When I look back on my childhood, my student years, my two decades as a teacher, and my time as an MSP, I can see where lives were changed and where they were blighted. I believe there are some basics that need to be relearned.

Strathclyde Regional Council was much maligned in some quarters but decisions made there meant, for example, a six-year secondary school on the island of Tiree, and a redistribution of resources not just to fragile and remote communities but also actively into poor disadvantaged urban areas too. There was groundbreaking work on childcare, on child development, on support for those denied educational and economic opportunities. Glasgow City Council in the 1980s led the charge in reinventing a post-industrial city and building international recognition as a conference centre and a place of cultural and sporting excellence.

There were local authorities across the country managing to be imaginative and ambitious, even when the UK government was presiding over economic and social devastation. I recall councillors talking of the need for them to be a dented shield, doing their best to protect citizens from that devastation.

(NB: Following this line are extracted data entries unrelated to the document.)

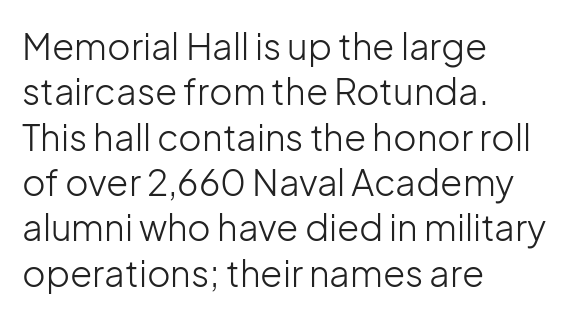
Q: Is the text bold? A: No.
Q: Is the text italic (slanted)? A: No, it is upright.
Q: Is the typeface a serif or a sans-serif typeface? A: Sans-serif.
Q: Is the text underlined? A: No.
Q: How is the paragraph aligned? A: Left-aligned.
Q: Is the spacing between letters normal or unusually wide? A: Normal.
Q: Is the spacing between lines tight, normal or loose? A: Normal.
Q: Width (condensed, normal, or wide)? A: Normal.
Q: Stroke contrast? A: Low.
Q: x-height? A: Medium.
Q: Monospaced? A: No.
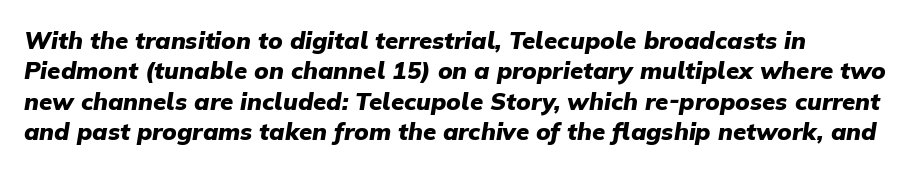
{"italic": "yes", "lean": "right", "slant_degrees": 9, "bold": "yes", "underline": "no", "align": "left", "line_spacing": "normal", "line_spacing_ratio": 1.27, "letter_spacing": "normal", "letter_spacing_em": 0.0, "glyph_px": 24}
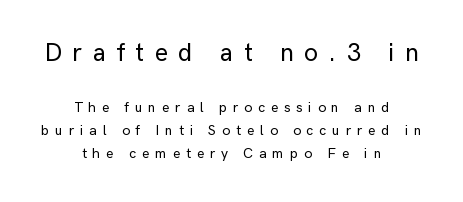
Q: Is the text italic (slanted)? A: No, it is upright.
Q: Is the text underlined? A: No.
Q: How is the paragraph aligned? A: Centered.
Q: Is the spacing between letters normal or unusually wide? A: Unusually wide.
Q: Is the spacing between lines tight, normal or loose? A: Normal.
Q: Which block of text is set in a larger size, the first (top) or the second (bottom)? A: The first (top) one.
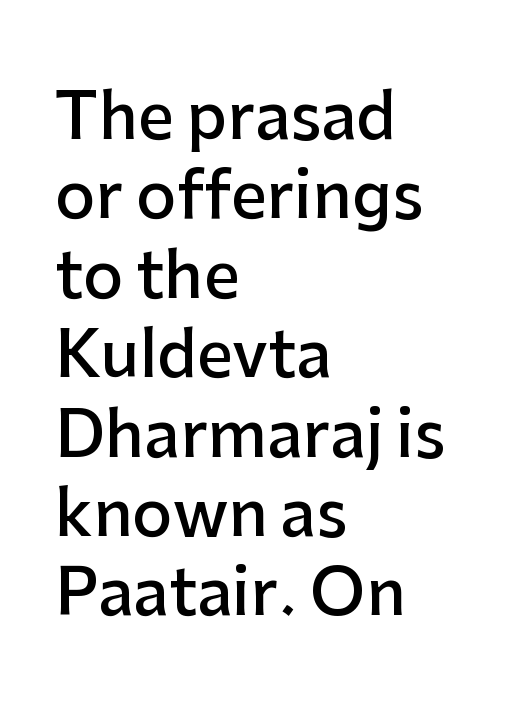
{"serif": "no", "italic": "no", "bold": "semi", "weight": "semibold", "width": "normal", "stroke_contrast": "low", "x_height": "medium", "monospaced": "no", "underline": "no", "align": "left", "line_spacing": "normal", "line_spacing_ratio": 1.26, "letter_spacing": "normal", "letter_spacing_em": 0.0, "glyph_px": 63}
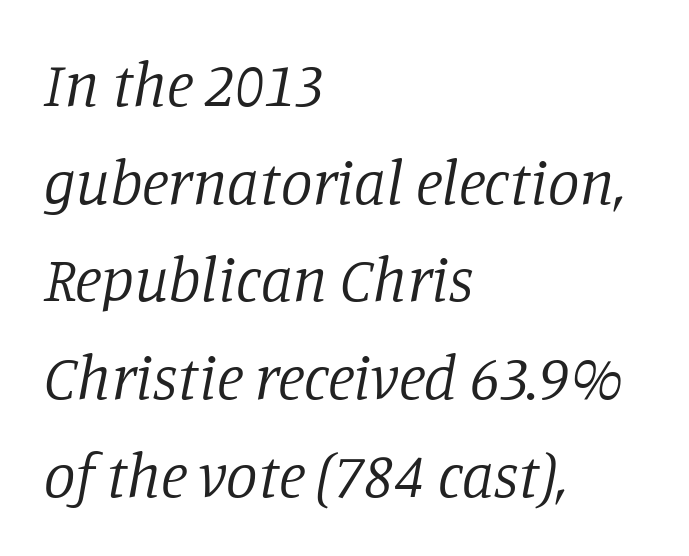
Each letter keeps its own natural width here, so spacing adapts to shape. The typesetter chose a ragged-right arrangement here. Typographically, this falls in the serif category. Standard letterfit; no display-style spreading of the glyphs.
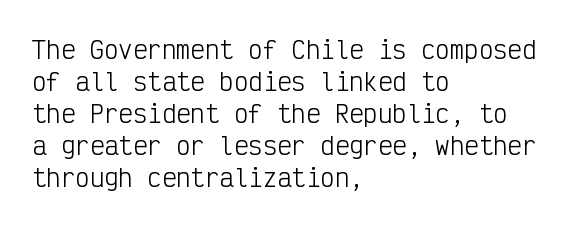
A bare baseline throughout the passage. Does the lettering tilt? It doesn't — this is upright. Leftover space on each line is placed entirely after the last word. Regarding leading, the lines here are spaced in the standard way. Inter-character spacing is left at the font's built-in metrics. Compared with a typical body face, this is equally light or lighter still.
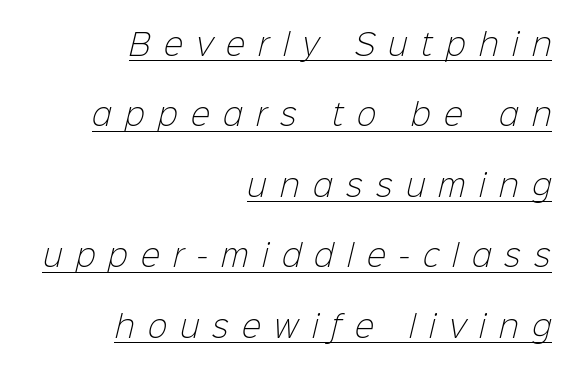
The image shows 29 px light sans-serif type; set right-aligned, loose line spacing (2.43x), unusually wide letter spacing (+0.46 em), underlined; low stroke contrast and a medium x-height.
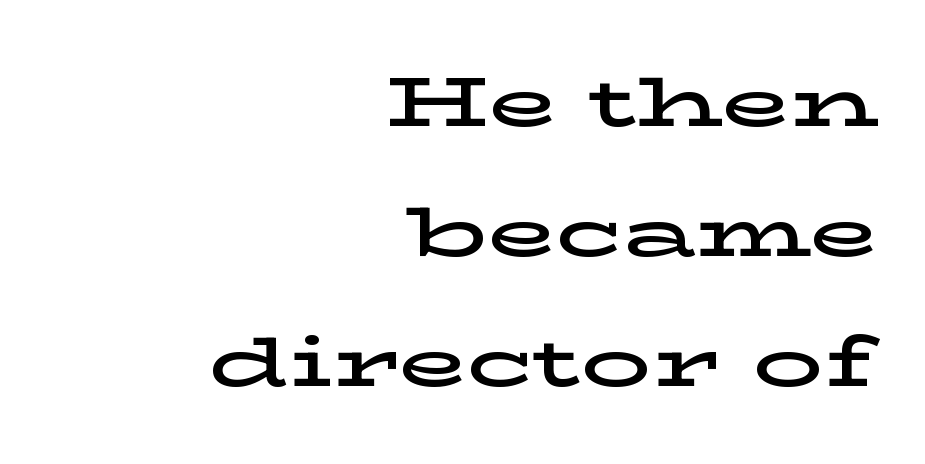
{"serif": "yes", "italic": "no", "width": "wide", "stroke_contrast": "low", "x_height": "medium", "monospaced": "no", "underline": "no", "align": "right", "line_spacing_ratio": 1.86, "letter_spacing": "normal", "letter_spacing_em": 0.0, "glyph_px": 70}
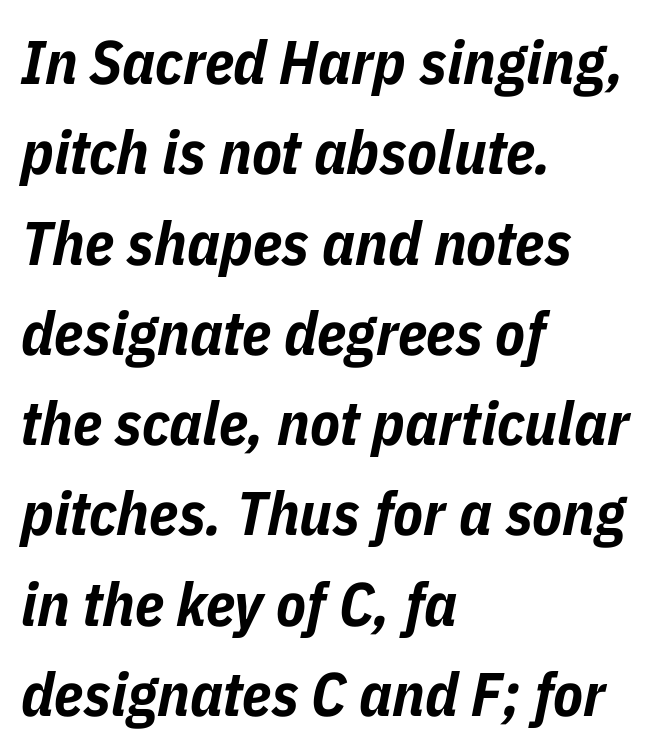
The image shows 61 px bold, condensed type, italic (leaning right); set left-aligned, normal line spacing (1.48x), normal letter spacing, not underlined; low stroke contrast and a medium x-height.

And while for some the Scottish Parliament was an assertion of nationhood, a stage on a journey, there were many like me who saw it as a means of bringing power closer, of ensuring that decisions were shaped by a fuller understanding of people’s lives and by those who would live with the consequences of the decisions made. Indeed, the Cooperative movement and many community organisations which had long advocated the decentralisation of power and a greater diversity in economic and social policy thinking saw the Scottish Parliament as having a pivotal role in making that happen.

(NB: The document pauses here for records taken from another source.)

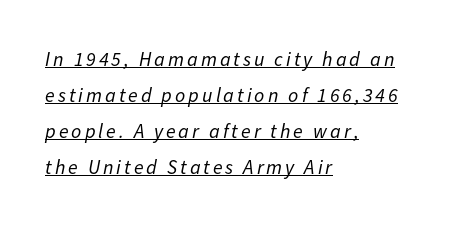
A rule runs beneath these lines of type. The weight would be labelled regular, book, light, or lighter still. Emphasis-style slanted type is in use. A student would call this left alignment; a typographer would say flush left, rag right.
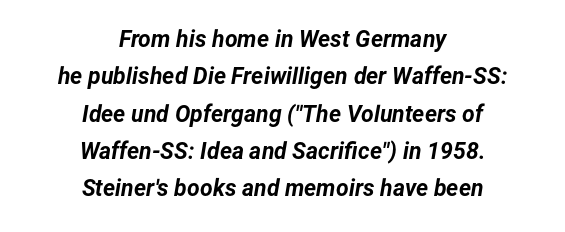
{"italic": "yes", "lean": "right", "slant_degrees": 12, "bold": "yes", "underline": "no", "align": "center", "line_spacing": "normal", "line_spacing_ratio": 1.62, "letter_spacing": "normal", "letter_spacing_em": 0.0, "glyph_px": 23}
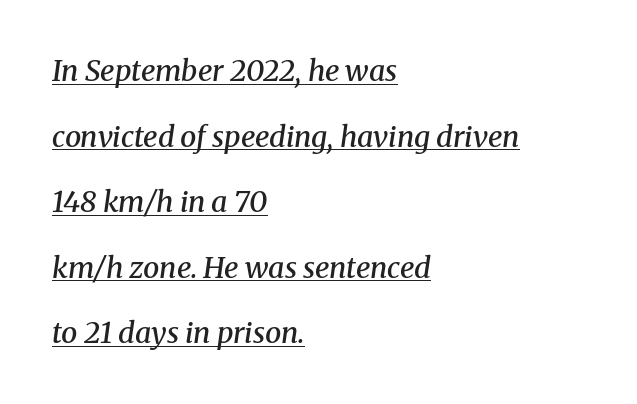
{"serif": "yes", "italic": "yes", "lean": "right", "slant_degrees": 8, "bold": "semi", "weight": "semibold", "width": "normal", "stroke_contrast": "medium", "x_height": "medium", "monospaced": "no", "underline": "yes", "align": "left", "line_spacing": "loose", "line_spacing_ratio": 2.26, "letter_spacing": "normal", "letter_spacing_em": 0.0, "glyph_px": 29}
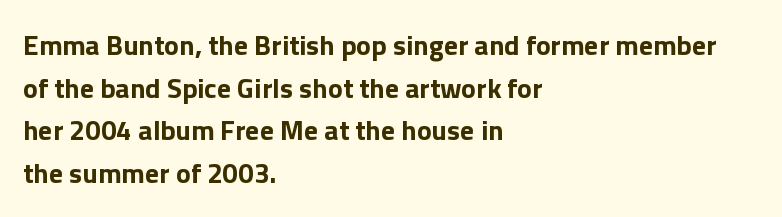
{"serif": "no", "italic": "no", "bold": "yes", "weight": "bold", "width": "normal", "x_height": "medium", "monospaced": "no", "underline": "no", "align": "left", "line_spacing": "normal", "line_spacing_ratio": 1.52, "letter_spacing": "normal", "letter_spacing_em": 0.0, "glyph_px": 28}
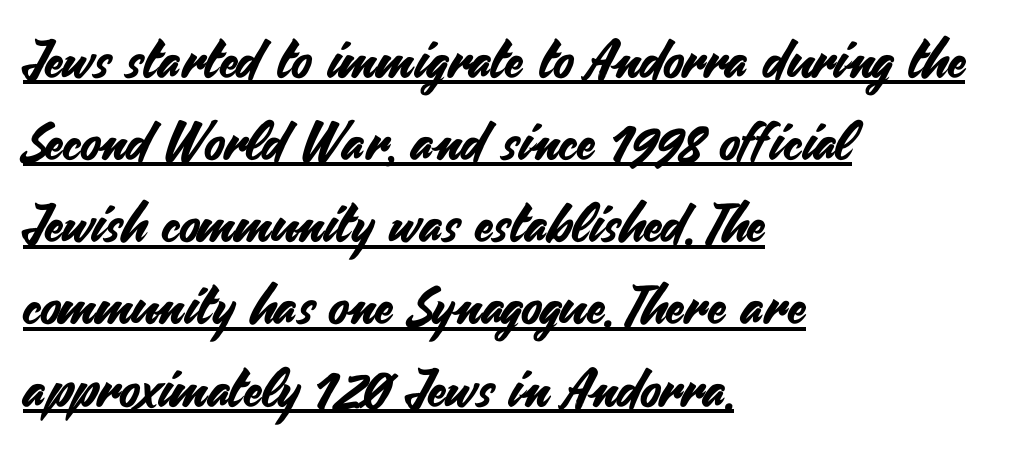
{"serif": "no", "width": "normal", "stroke_contrast": "medium", "x_height": "small", "monospaced": "no", "underline": "yes", "align": "left", "line_spacing": "normal", "line_spacing_ratio": 1.55, "letter_spacing": "normal", "letter_spacing_em": 0.0, "glyph_px": 53}
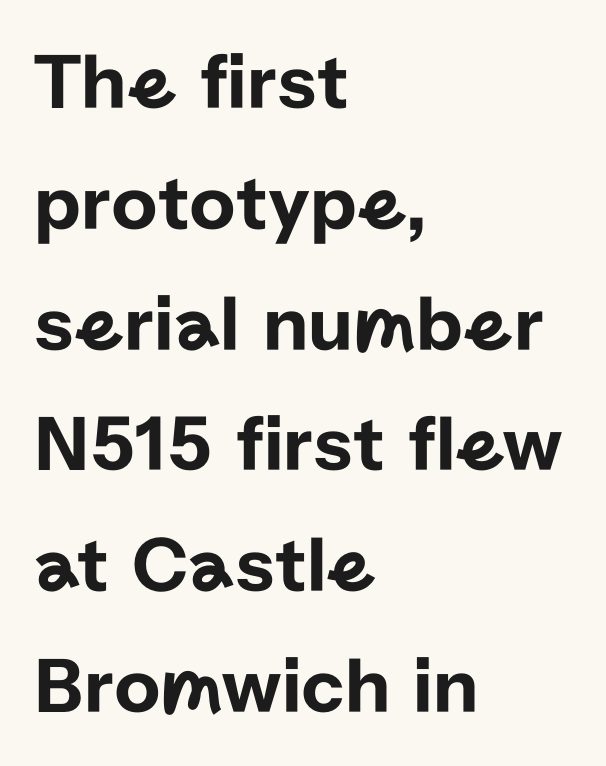
Italic? Not at all — the glyphs are vertical. Inter-character spacing is left at the font's built-in metrics. Typeset ragged right — the left edge is the straight one. This sample has the flowing, uneven cadence of proportional lettering. The font family rendered here belongs to the sans-serif group. A clean baseline with only descenders dipping below it.
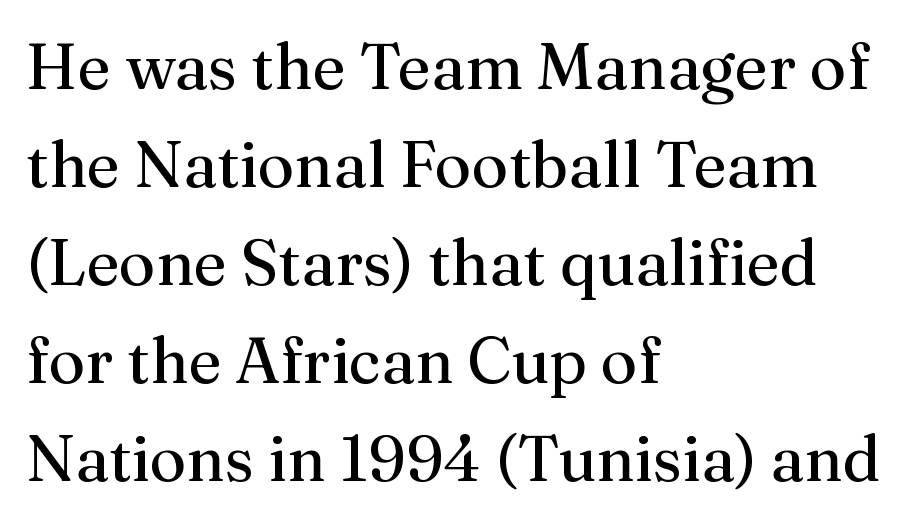
Look at the bottom of the vertical strokes: they flare into serifs here. The line-height multiplier appears to be the usual default. When letters stand straight like this, we call the style roman or upright. Lines of text with bare space underneath. No letter is thick-stroked: the sample isn't bold. All the whitespace from short lines collects on the right.
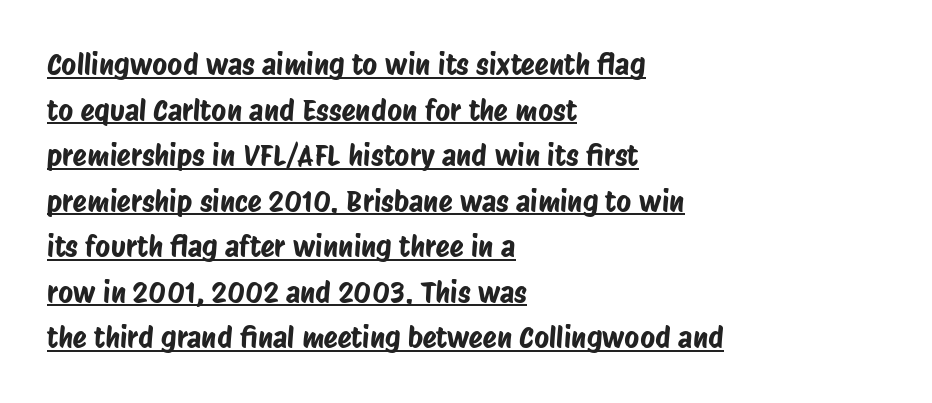
{"serif": "no", "width": "condensed", "stroke_contrast": "low", "x_height": "large", "monospaced": "no", "underline": "yes", "align": "left", "line_spacing": "normal", "line_spacing_ratio": 1.57, "letter_spacing": "normal", "letter_spacing_em": 0.0, "glyph_px": 29}

In the early days of the Parliament we saw support for the voluntary sector, for the social economy and for cooperative development. There was an appreciation of the work of housing cooperatives and associations as a means to community and economic regeneration. We saw schemes to disperse civil service jobs out of the central belt. And here’s that ‘golden castle on the hill’ alert again: they did not all work. The tensions between levels of government with their own democratic authority; the pressure to direct resources to deliver on Scottish Parliament priorities; the challenge of the postcode lottery for those receiving services – these, combined with a regrettable attitude in some parts of the civil service that local authorities were just another ‘delivery agent’ meant that battle lines were drawn and the serious work of collaboration was largely abandoned.

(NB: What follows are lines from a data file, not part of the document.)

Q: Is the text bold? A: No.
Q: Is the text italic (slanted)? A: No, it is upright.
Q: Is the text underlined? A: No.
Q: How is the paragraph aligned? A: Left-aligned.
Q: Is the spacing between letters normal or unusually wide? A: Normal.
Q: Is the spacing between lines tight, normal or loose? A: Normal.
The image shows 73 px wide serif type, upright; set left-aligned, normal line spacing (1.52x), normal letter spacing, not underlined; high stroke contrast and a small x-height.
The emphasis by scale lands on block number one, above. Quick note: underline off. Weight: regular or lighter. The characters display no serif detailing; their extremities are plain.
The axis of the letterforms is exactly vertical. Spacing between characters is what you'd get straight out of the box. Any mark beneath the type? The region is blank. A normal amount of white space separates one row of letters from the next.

With the constitutional debate taking centre stage, there was an inevitability that policy discussions became proxies for that debate – did it help or hinder the argument for independence? – rather than being judged on their own merits.

And we are now, I would argue, in the worst of all worlds. The Scottish Parliament, decentralised from an inflexible and often indifferent central government, has overseen a Scotland far more centralised, with councils, government agencies and third-sector and other organisations very clearly told the limits of their independence of action or argument. The change that comes from argument and discourse is gone, with only the certainty of those at the centre remaining.

Gone is the philosophy of the dented shield in tough times, as are regional economic and social action. Job dispersal as a means of sustaining fragile communities is no longer even a footnote. And absent too is the focus on delivery, on the long haul. Left behind is ‘live in the moment, one size fits all’ policy (even when it is wrapped in the clothes of empowerment). The performance of concern is everything. But the libraries that sustained children like me are shut down or rarely open. The social and economic initiatives that sought to sustain and regenerate communities have disappeared. The very services that protect and support individuals and families are largely hollowed out.

So, yes, we need to talk about where power should rest and which power should be exercised by whom and to what purpose. But more than anything we need to get serious. Basic stuff. Understand the problems. Understand their causes. Work to find solutions. Resource and monitor and develop those solutions. And cut out the bit where getting credit for seeming to care trumps all. Judging effective government by the results in people’s lives rather than a spun ‘line to take’ is tougher. Long-term, systematic and rigorous planning is less glamorous than endless initiatives announced with great fanfare. But we surely have had enough of aspiration running into the sand, of projects disappearing when the spotlight has gone. As I said: basics; seriousness of purpose. Unheralded and undervalued on Twitter maybe. But the great upside – the child who thrives, the adult who achieves, the vulnerable person who is safe, that matters far more.

Johann Lamont is a former teacher (1979-99) and retired MSP  (1999-2022). She was leader of the Scottish Labour Party from 2011 to 2014.